Re-Evaluating Final Fantasy XIII
Editor's Note: I guess I should say this isn't an official ScrewAttack review (if you can call it a review). Now that I got that out of the way, I'd just like to say that this is a mighty fine piece of work and because of it, I think I'll check out some games I haven't played in awhile. Thanks Englishman!
Back in early 2010, I was very excited for the release of Final Fantasy XIII. The series had always impressed, and nostalgic memories of VII, VIII and X fueled my excitement for the game. Add in the hype that was generated at the time and I was desperate to get my hands on it. I preordered FFXIII, paying £40 for the privilege. And when I got the game... well I was pretty disappointed. The reviews for the game generally highlighted the main problems and it's fair to say that I wasn't the only one who was annoyed with the experience. I thought the game was terrible and put it as my second most disappointing game ever. I got to Chapter 11 but gave up in annoyance.

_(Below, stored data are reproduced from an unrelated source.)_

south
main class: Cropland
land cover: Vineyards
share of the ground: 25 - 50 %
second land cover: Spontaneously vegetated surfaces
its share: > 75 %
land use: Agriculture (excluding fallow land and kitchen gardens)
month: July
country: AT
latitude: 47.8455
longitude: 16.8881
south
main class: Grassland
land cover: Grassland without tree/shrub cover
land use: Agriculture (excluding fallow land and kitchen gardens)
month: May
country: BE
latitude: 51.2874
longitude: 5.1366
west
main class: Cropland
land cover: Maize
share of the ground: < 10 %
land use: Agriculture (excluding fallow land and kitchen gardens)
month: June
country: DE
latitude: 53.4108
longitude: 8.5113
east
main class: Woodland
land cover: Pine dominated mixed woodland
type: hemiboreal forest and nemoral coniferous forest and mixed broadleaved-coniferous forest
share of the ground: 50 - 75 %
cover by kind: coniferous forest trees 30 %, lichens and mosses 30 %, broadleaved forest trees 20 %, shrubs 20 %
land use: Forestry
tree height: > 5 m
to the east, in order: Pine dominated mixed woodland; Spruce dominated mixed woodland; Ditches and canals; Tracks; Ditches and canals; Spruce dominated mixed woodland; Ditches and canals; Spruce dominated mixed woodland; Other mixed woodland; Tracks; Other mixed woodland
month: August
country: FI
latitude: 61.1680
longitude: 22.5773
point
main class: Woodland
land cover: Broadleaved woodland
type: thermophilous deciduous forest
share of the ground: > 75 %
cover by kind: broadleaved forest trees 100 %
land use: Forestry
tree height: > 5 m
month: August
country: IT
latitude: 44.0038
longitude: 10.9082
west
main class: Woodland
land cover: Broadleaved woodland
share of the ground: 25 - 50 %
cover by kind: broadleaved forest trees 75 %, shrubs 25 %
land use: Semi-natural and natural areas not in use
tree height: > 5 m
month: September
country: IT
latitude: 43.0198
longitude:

I left the game for two years without thinking about it again. I nearly sold it earlier this year when I cleared out a bunch of my old games, keeping it only because I wouldn't come close to getting the same amount I paid for it. Not long after, I saw a video for the game on Youtube and thought 'Maybe I should try it again?' After blitzing my way through, I managed to beat the game recently. I decided that I'd do a blog, comparing my impressions after first playing it to my recent experiences and see how my feelings have changed.
I'll be looking over three areas in this comparison: Story, Gameplay and Presentation. I'll compare my thoughts from 2010 to 2012 and see how things have changed. There be mild spoilers but I'll try to steer clear of major issues.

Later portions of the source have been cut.